§ **Provided data**:
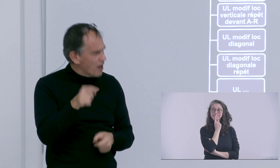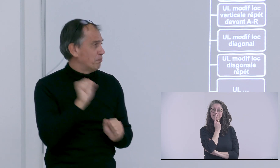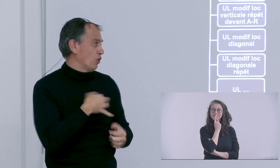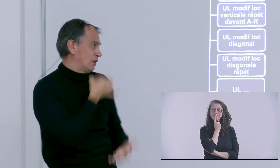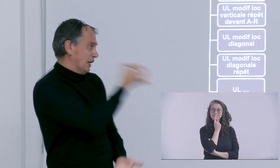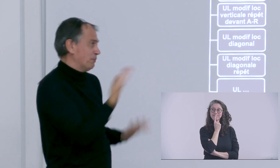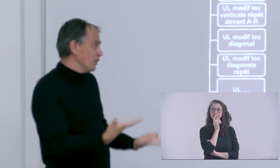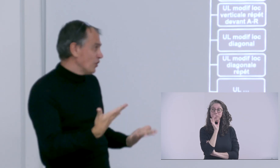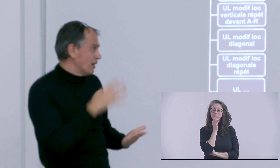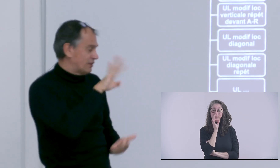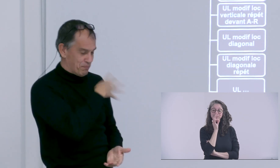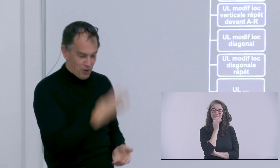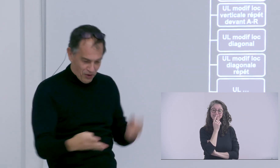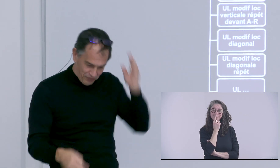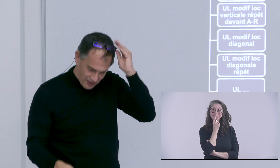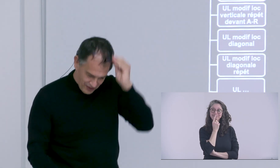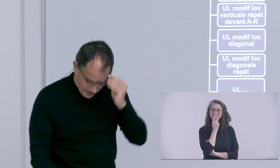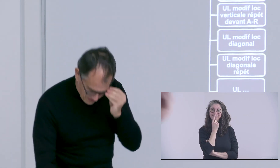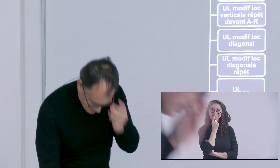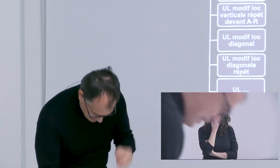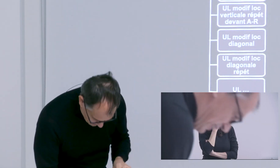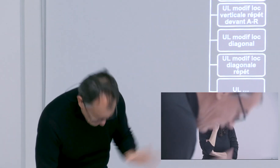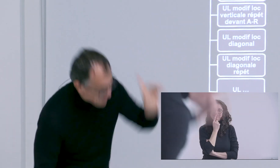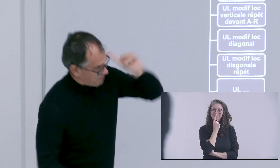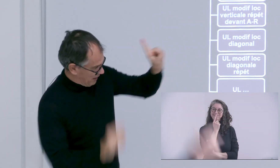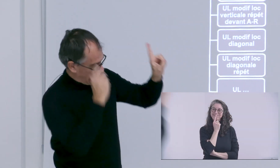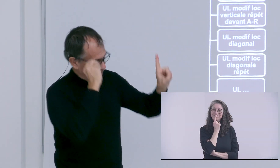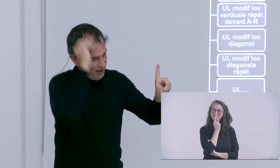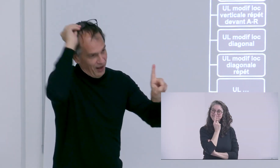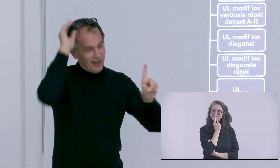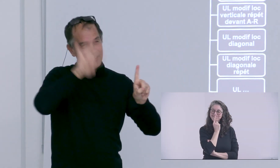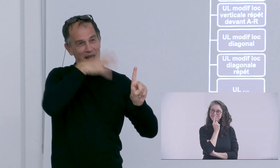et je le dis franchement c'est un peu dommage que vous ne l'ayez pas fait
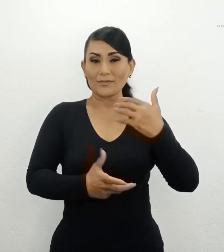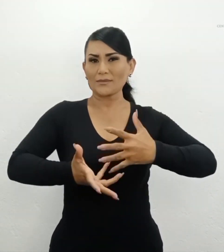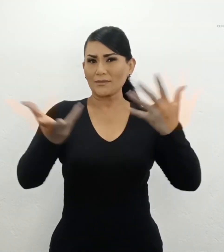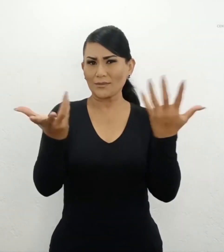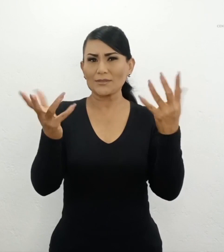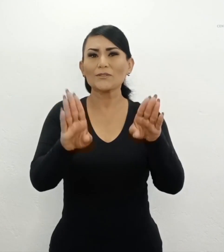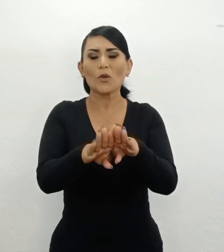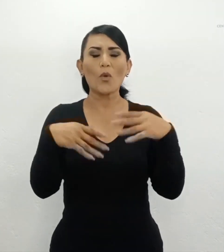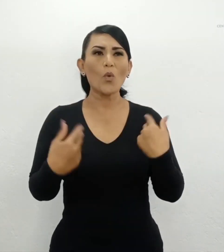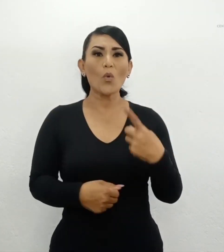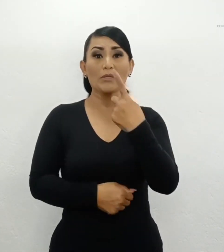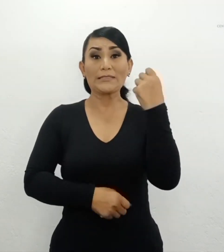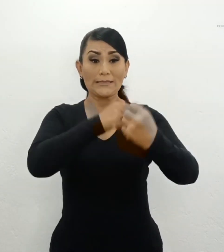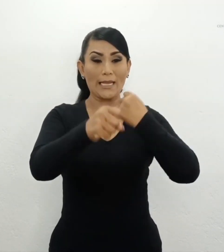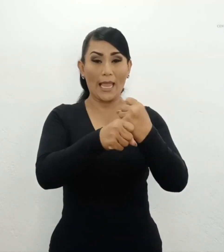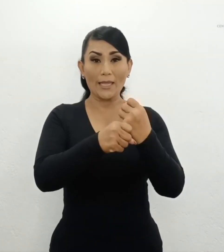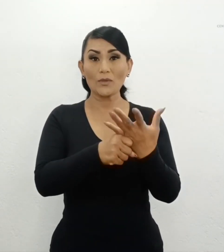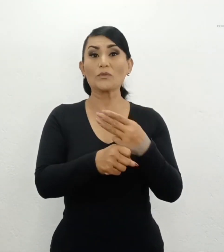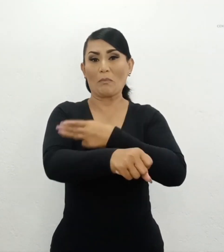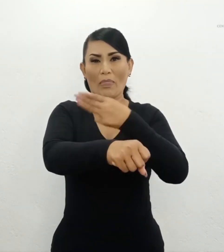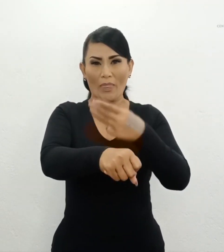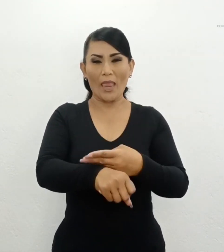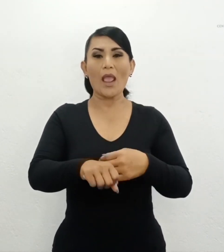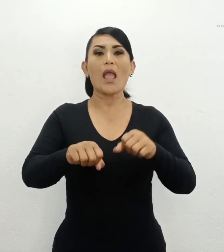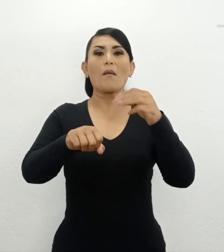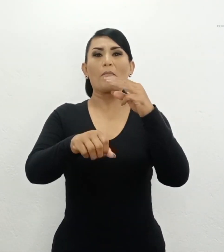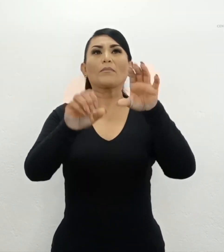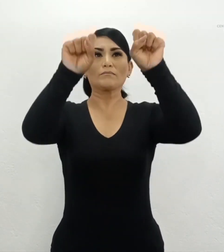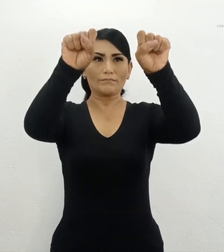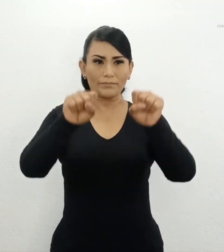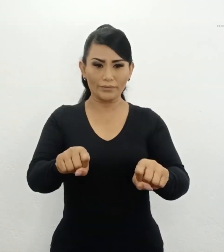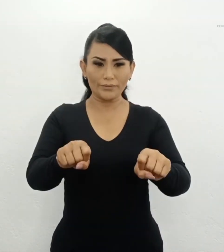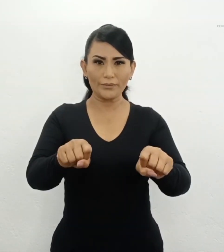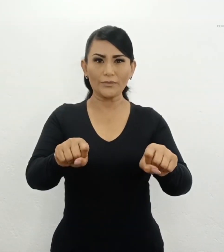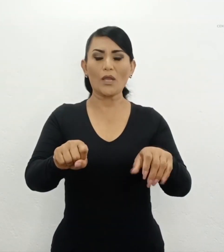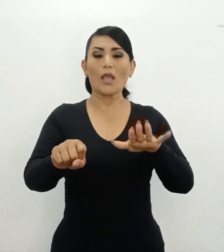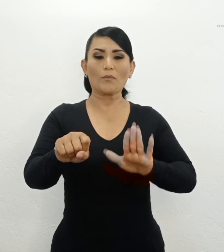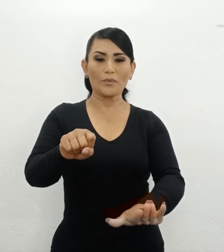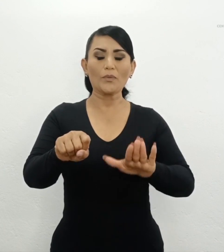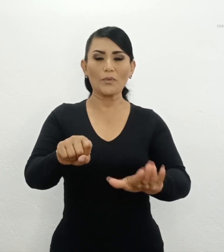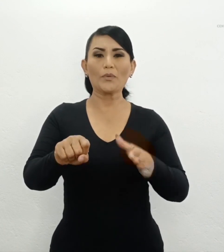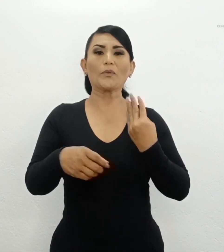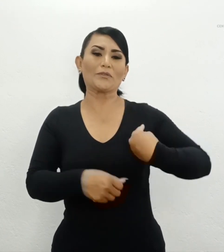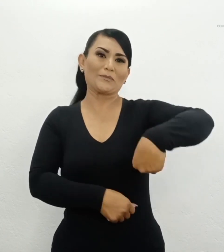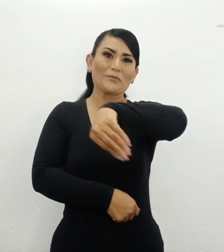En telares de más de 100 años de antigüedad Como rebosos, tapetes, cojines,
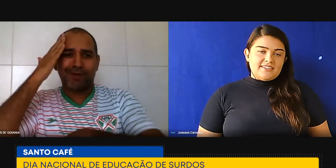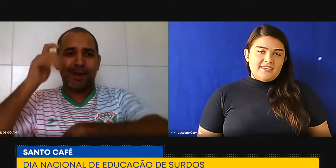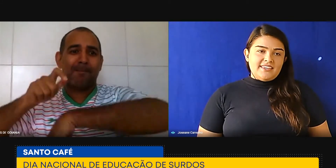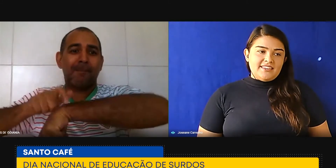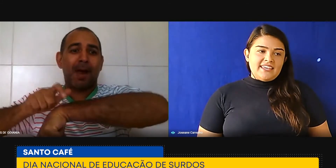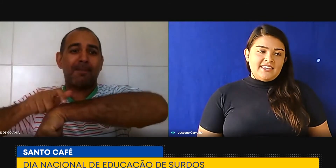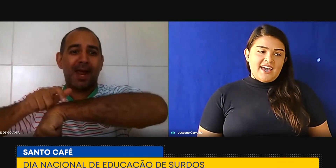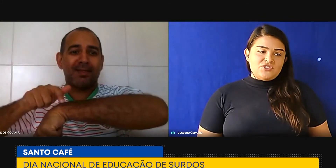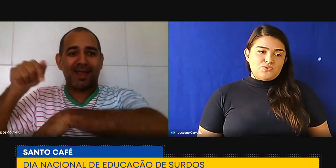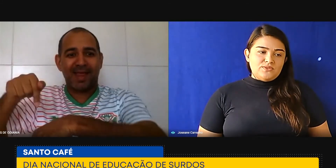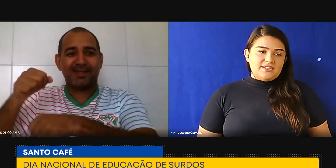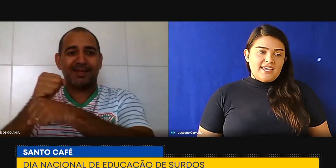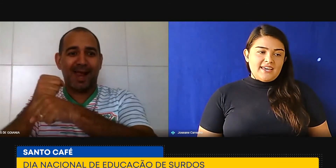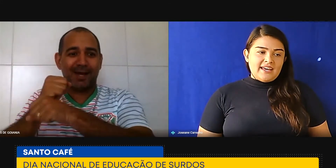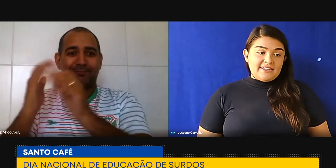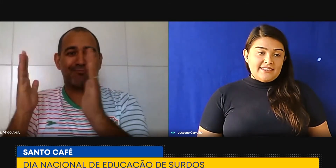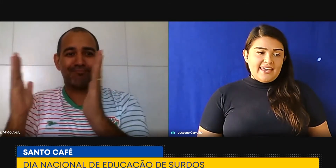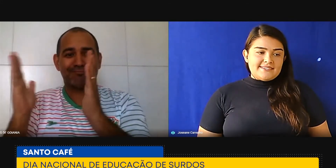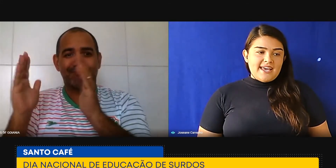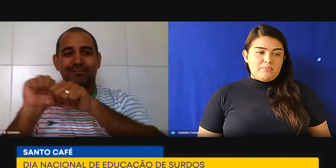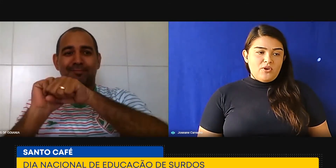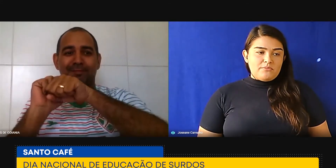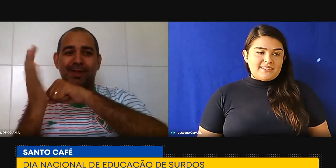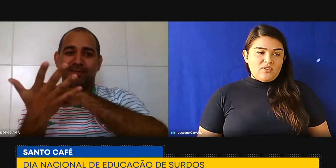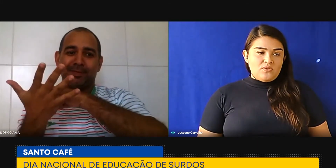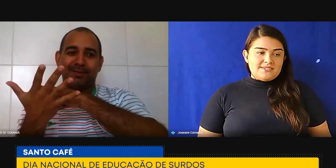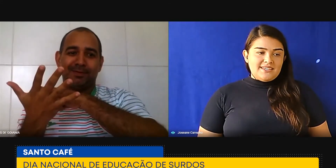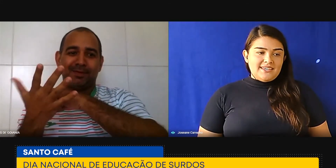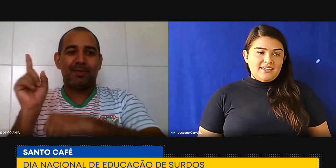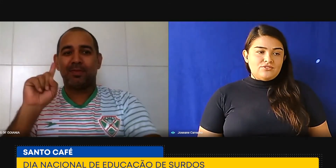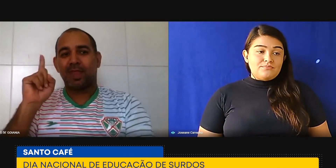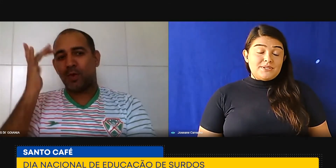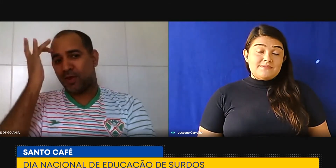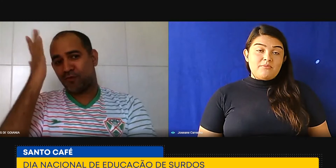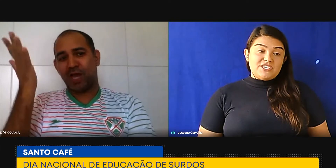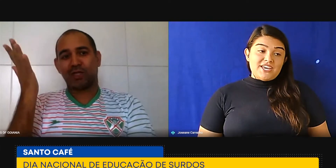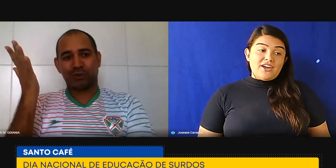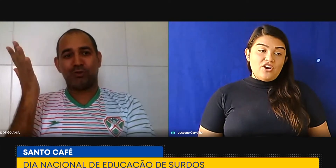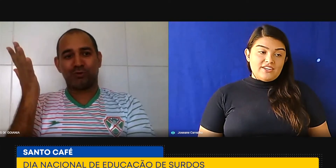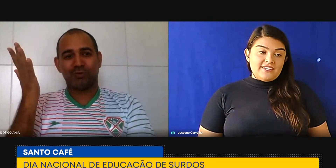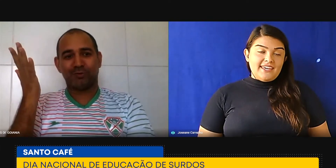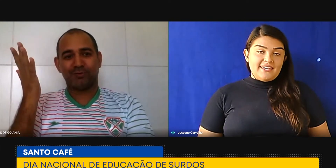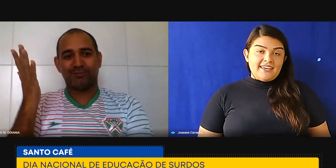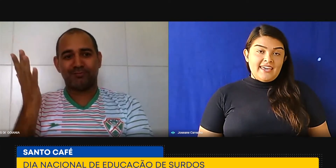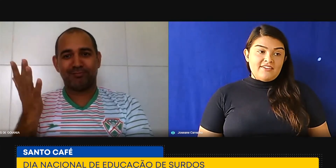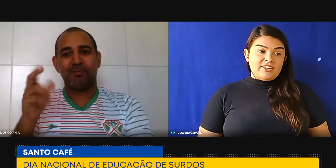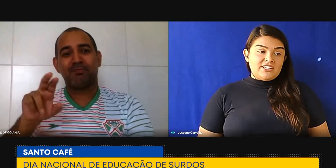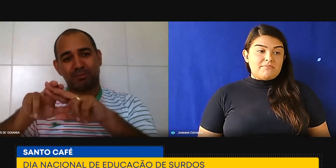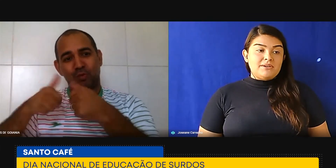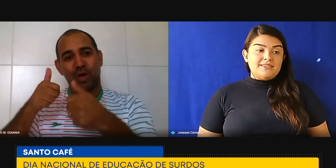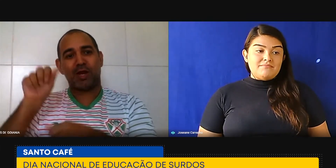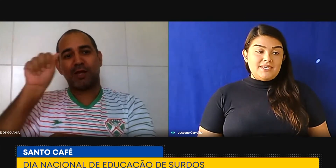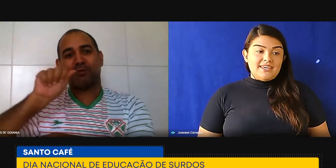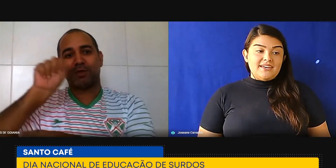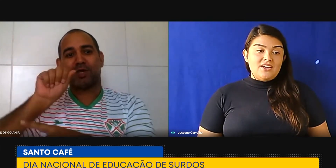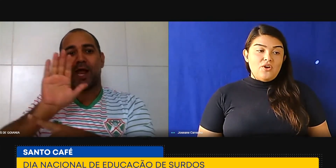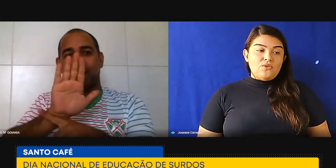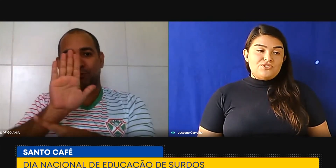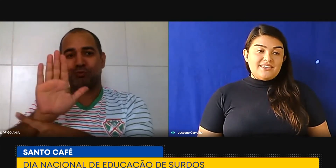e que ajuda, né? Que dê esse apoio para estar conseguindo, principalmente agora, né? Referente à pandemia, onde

§ **Work request**: Every line of the listing should be repeated exactly; no picture should appear.

§ **Reply to the exercise**:
et je le dis franchement c'est un peu dommage que vous ne l'ayez pas fait
En telares de más de 100 años de antigüedad Como rebosos, tapetes, cojines,
e que ajuda, né? Que dê esse apoio para estar conseguindo, principalmente agora, né? Referente à pandemia, onde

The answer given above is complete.